Greetings everybody. I'm experiencing performance problems with MKL's FFT, but only on OS X.
I have a C++ project in use on both Windows and OS X. Initially, I had built it to use FFTW, but several months ago, I switched to using MKL for the FFT calculations on the Windows build, still using the FFTW3 interface. On Windows with a Core 2 Duo processor, the performance difference between MKL and FFTW is within 10%, which is fine. I purchased a license for MKL on Windows and have been happy.
However, when the same code is built on OS X, using the eval versions of ICC and MKL, FFTs using MKL are about 2.2 times slower than when linked to FFTW (again using an Intel processor, this time an i7). For example, when linked to FFTW, execution time is 6 seconds, and changing the linking to MKL (with no other changes), execution time is 14 seconds.
I've tried various combinations of static linking, dynamic linking, enabling threading in MKL, setting MKL to sequential mode, and so on. (The project uses pthreads for its threading, if that matters.) The only thing that seems to make a difference is the compiler.

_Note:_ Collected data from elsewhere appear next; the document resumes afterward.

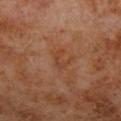Assessment:
This lesion was catalogued during total-body skin photography and was not selected for biopsy.
Background:
The subject is a male aged around 70. A 15 mm crop from a total-body photograph taken for skin-cancer surveillance. From the left lower leg. The total-body-photography lesion software estimated a footprint of about 3.5 mm², a shape eccentricity near 0.8, and a shape-asymmetry score of about 0.45 (0 = symmetric). The analysis additionally found a lesion color around L≈41 a*≈23 b*≈31 in CIELAB, roughly 6 lightness units darker than nearby skin, and a lesion-to-skin contrast of about 5 (normalized; higher = more distinct). It also reported border irregularity of about 5.5 on a 0–10 scale and peripheral color asymmetry of about 0. The analysis additionally found a classifier nevus-likeness of about 0/100 and a lesion-detection confidence of about 100/100. This is a cross-polarized tile. Measured at roughly 3 mm in maximum diameter.
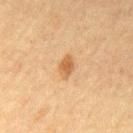Part of a total-body skin-imaging series; this lesion was reviewed on a skin check and was not flagged for biopsy. A male subject aged around 75. This is a cross-polarized tile. Measured at roughly 3 mm in maximum diameter. On the mid back. A 15 mm close-up tile from a total-body photography series done for melanoma screening. The total-body-photography lesion software estimated roughly 9 lightness units darker than nearby skin and a normalized border contrast of about 7.
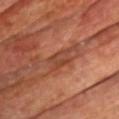Imaged during a routine full-body skin examination; the lesion was not biopsied and no histopathology is available.
On the chest.
The subject is a male aged approximately 60.
The tile uses cross-polarized illumination.
A close-up tile cropped from a whole-body skin photograph, about 15 mm across.

If I use LLVM instead of ICC to build, overall performance is about 20% worse, but the difference between MKL and FFTW remains.
Anybody have any ideas why MKL's FFT would be so much slower on OS X?
Sure. The CPU is an i7-2677M at 1.8 GHz, the version of OS X is 10.7.2, the version of MKL is 10.3.11, and a representative FFT problem is: single-precision, complex, rank-2, in-place, 3000x2000 elements.